I looked at my phone to check the time and to my surprise I was already half an hour late for classes. I thought Mercy was probably not coming.

Mwangi, who had also introduced himself as a pastor, told me God had showed him a dark cloud hanging over my head. He said this called for immediate prayers since my neighbours were after me and had cast a spell on me to fail academically and have a troubled marriage later in life.

shocking prophecy

He scared me even more when he mentioned that I had been bewitched and that I would never have children of my own.

"Can I hear some ‘riswa! Pepo mbaya ashindwe!’ Amen to that," he said. I immediately heeded to his advice to have him pray for me.So we went to a hotel along Tom Mboya Street. On the way, he revealed some information about Mutua’s family that Mutua confirmed as true. Mutua apparently had some issues with his family concerning land matters and that his wife often cheated on him since he was unproductive in bed after a stepbrother bewitched him.

On hearing the confirmation, I now believed the man’s words. For fear of anything he mentioned happening to me, I quickly agreed to let him cleanse my life.

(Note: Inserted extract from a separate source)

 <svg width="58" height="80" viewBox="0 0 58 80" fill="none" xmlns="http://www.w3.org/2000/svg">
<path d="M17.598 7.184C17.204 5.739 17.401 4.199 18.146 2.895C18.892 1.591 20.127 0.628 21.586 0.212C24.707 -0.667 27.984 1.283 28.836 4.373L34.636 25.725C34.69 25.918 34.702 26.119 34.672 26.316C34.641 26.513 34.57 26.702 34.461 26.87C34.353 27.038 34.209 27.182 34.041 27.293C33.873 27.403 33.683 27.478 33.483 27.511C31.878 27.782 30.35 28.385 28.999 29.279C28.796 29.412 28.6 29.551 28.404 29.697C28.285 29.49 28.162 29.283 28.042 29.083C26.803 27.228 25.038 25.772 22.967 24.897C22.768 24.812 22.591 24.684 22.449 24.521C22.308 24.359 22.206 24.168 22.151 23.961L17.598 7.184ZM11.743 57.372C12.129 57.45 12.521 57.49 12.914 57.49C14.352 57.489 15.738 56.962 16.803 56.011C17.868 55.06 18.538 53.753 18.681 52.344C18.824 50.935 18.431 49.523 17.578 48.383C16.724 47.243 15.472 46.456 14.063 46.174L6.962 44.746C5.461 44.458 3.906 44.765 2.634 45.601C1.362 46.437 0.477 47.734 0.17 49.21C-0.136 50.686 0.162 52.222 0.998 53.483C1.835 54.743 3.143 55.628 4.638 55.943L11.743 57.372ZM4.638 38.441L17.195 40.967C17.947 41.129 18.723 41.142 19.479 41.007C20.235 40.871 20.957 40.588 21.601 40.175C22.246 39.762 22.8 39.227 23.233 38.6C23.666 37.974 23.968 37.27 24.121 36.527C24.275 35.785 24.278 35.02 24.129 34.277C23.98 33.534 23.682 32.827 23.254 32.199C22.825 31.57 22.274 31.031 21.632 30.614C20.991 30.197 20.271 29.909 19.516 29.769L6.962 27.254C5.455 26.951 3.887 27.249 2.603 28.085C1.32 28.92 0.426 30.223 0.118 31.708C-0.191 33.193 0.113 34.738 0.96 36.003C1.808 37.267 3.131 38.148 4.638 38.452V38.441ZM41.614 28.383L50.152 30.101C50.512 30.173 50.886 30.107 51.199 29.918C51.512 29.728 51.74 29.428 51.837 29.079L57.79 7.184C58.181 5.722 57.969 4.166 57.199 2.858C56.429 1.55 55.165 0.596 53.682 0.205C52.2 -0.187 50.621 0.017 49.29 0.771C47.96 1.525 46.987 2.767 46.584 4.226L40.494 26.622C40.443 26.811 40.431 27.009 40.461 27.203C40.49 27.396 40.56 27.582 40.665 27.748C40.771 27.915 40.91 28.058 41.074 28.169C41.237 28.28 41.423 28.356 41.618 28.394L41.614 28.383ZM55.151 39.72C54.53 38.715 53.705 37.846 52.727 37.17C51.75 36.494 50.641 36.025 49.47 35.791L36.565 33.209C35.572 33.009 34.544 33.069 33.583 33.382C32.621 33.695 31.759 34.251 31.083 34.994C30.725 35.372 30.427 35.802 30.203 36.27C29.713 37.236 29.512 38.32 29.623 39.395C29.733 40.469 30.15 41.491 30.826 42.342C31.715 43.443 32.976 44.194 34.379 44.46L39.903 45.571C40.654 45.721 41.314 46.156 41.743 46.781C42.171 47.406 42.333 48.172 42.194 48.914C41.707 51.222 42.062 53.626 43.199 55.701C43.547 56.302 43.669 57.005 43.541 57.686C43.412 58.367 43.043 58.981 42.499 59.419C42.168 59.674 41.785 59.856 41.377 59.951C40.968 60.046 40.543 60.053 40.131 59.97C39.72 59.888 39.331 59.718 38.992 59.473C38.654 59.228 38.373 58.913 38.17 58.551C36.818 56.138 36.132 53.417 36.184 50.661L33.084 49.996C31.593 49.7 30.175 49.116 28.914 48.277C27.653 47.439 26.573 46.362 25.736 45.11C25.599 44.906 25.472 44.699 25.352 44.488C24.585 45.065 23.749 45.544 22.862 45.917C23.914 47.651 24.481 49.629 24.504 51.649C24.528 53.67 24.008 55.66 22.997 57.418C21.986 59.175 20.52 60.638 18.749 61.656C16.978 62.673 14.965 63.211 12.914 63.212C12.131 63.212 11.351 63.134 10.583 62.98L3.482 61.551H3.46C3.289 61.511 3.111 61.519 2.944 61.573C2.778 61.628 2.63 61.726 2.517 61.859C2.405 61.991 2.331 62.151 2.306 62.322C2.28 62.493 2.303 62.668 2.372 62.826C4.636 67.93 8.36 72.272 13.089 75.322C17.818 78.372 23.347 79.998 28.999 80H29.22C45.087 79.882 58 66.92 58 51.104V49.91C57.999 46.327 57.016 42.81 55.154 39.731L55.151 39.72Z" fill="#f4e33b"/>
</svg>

But he said that he wanted us to be freed of any worldly possessions. Mutua was to be prayed for first. He was instructed to leave with us his leather jacket, which looked quite expensive, Sh65,000 in cash and two mobile phones.

He embarked on a purification mission that entailed giving to a poor elderly woman outside the hotel some Sh10.

Mutua went out and upon returning, Mwangi embarked on a five-minute prayer that involved talking in tongues then a loud Amen. And Voila! Mutua was cleansed of his troubles.

Now it was my turn to give my offering before the holy man of God would pray for me. I dutifully obeyed and gave all my possessions including my shawl that was covering my bareback top, my hand bag with my personal effects and Sh7,000 for tuition fee and my Nokia 7373 series phone. I had passed through Muthurwa market and purchased a jeans trouser and some matching plastic shoes, which I also left with them. I left the hotel in high spirits as thoughts of blessings and protection sent me flying very fast. I gave the woman the Sh10 coin I had carried and went back in the hotel only to find empty chairs.

new faces

At first I thought they had moved to a better sitting place, probably upstairs. I rushed there. The room was full of new faces. I went back downstairs to ask the waiters if they had seen the two men. The waiter innocently told me they went the moment I left. Even at that moment, it never occurred to me that I had been duped.

I borrowed the waiter’s phone and called my number. It rang and someone picked it. "I am back and I can’t find you in the hotel. Where are you?" I asked. The response is what brought me back to my senses. "Wewe msichana unajua mimi ni nani ama unataka nikuje nikumalizie. Wewe mjinga wa kuamini kila kitu (Do you know who I am or do you want me to return and finish you? You are a fool to believe everything)," and the line went dead to date.